PixelRAG: Berkeley's Visual RAG That Reads Web Pages as Screenshots (Not HTML)

UC Berkeley researchers launched PixelRAG — open-source visual retrieval-augmented generation that renders web pages as screenshot tiles instead of parsing them to text. It outperforms text-based RAG by up to 18% accuracy on SimpleQA, ships an 8.28M-page Wikipedia index, and gives Claude a pixelbrowse skill so it sees charts and tables the way a human does.

·7 min read·Yash Thakker
RAGAI ToolsOpen SourceClaudeVision AIResearch
PixelRAG: Berkeley's Visual RAG That Reads Web Pages as Screenshots (Not HTML)

Text-based RAG has a structural problem that chunking strategies and rerankers cannot fix: HTML parsers throw away the page.

Tables become flat text with no column alignment. Charts become nothing. Side-by-side comparisons collapse into sequential sentences. The visual structure that makes the page human-readable vanishes before retrieval even starts.

PixelRAG is the UC Berkeley project that sidesteps this entirely. Instead of parsing pages to text, it renders them as screenshot tiles and retrieves over the images using a vision-language embedding model. The reader model — Claude, GPT, Qwen, whatever you use — reads the answer directly from what a human would see.

The project comes from Berkeley's SkyLab, BAIR, and Berkeley NLP groups (led by Yichuan Wang, Zhifei Li, Zirui Wang, Paul Teiletche, and Lesheng Jin, with Matei Zaharia, Joseph Gonzalez, and Sewon Min advising). It is Apache 2.0, ships with a pre-built 8.28M-page Wikipedia index, and adds a Claude Code plugin (pixelbrowse) that gives Claude visual page access in one command.


The Problem With Text-Based RAG

Every traditional RAG pipeline does something like this:

  1. Fetch a web page
  2. Parse HTML to text chunks
  3. Embed the chunks
  4. Retrieve the most relevant chunks
  5. Pass chunks to a reader model

Step 2 is where information dies. Consider a Wikipedia table listing historical stock prices by year. As HTML: perfectly structured. As parsed text: Year Price 1990 12.4 1991 18.7 ... — the column headers may survive but the spatial relationship is gone. Now ask the reader "what was the highest price before 1995?" The table's answer is obvious visually. The text dump makes it a string parsing problem.

This gets worse with:

  • Charts and graphs — entirely missing from text output
  • Multi-column layouts — merged into single-stream text
  • Infographics — completely lost
  • Form layouts — field-value relationships scrambled
  • PDFs with mixed text and images — images silently dropped

PixelRAG's benchmark results: up to 18% accuracy improvement on SimpleQA over text-based baselines. For agent runs, 3x fewer tokens per query — because retrieving the right image tile delivers a focused visual context instead of multiple text chunks.


How PixelRAG Works

Two components make the system work:

1. The Renderer (pixelshot)

pixelshot renders any URL or PDF to screenshot tiles using Playwright with Chrome DevTools Protocol (CDP). It handles JavaScript-rendered content, lazy-loaded images, and dynamic layouts — everything a headless browser sees, not just what's in the HTML source.

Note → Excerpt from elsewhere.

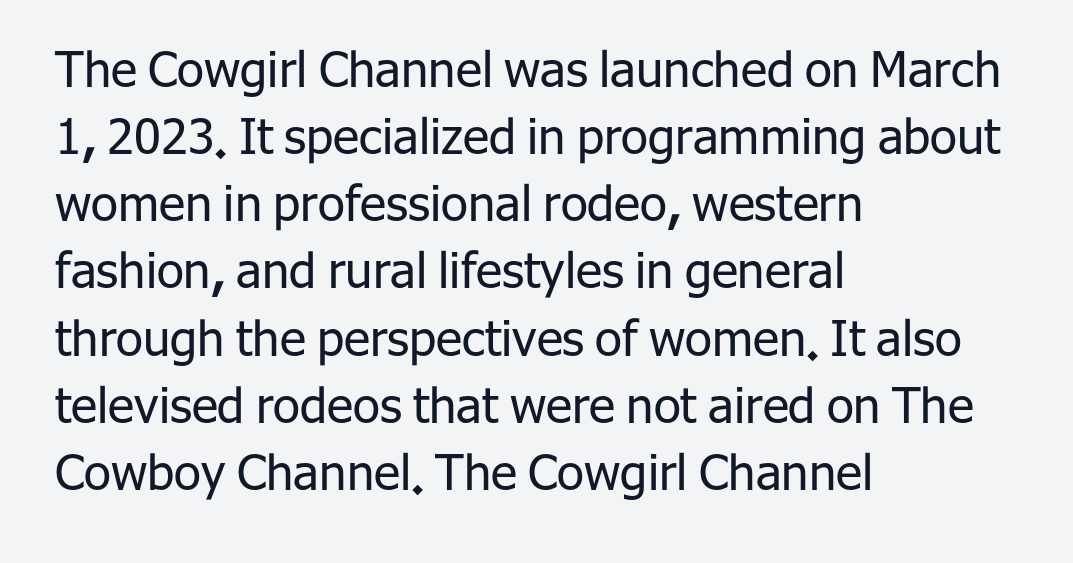
These lines are rendered in a variable-pitch font. The rows are spaced the way most documents space them. Is the letter spacing exaggerated? No — it looks like the ordinary default. The font is comparable to plain body text, perhaps lighter.

pixelshot https://en.wikipedia.org/wiki/Python --output ./tiles

The output is a set of image tiles representing the full rendered page at screen resolution. Each tile corresponds to a viewport-sized section of the page.

2. The Embedding Model

The image tiles get embedded using Qwen/Qwen3-VL-Embedding-2B, LoRA-fine-tuned on screenshot data published at Chrisyichuan/wiki-screenshot-embedding-lora. The fine-tuning dataset (Chrisyichuan/screenshot-training-natural-filtered-v2) is also public, so you can adapt other backbones.

The trained embedder puts screenshots into a vector space where visual content is retrievable. Query "what is the capital of France?" against a pixel index of Wikipedia and it finds the France article tile showing the answer in context — table, infobox, and all.

FAISS handles the index. Retrieval is fast enough for interactive use.


Quick Start

Hosted Wikipedia API (no setup required)

The fastest path: the Berkeley team hosts a pre-built index of 8.28M Wikipedia pages at api.pixelrag.ai. No index download, no GPU, no setup.

curl -X POST https://api.pixelrag.ai/search \
  -H "Content-Type: application/json" \
  -d '{"queries": [{"text": "What is the capital of France?"}], "n_docs": 5}'

The response includes the matching image tiles as base64 alongside the document metadata. The response images are what you pass to your reader model — not text chunks.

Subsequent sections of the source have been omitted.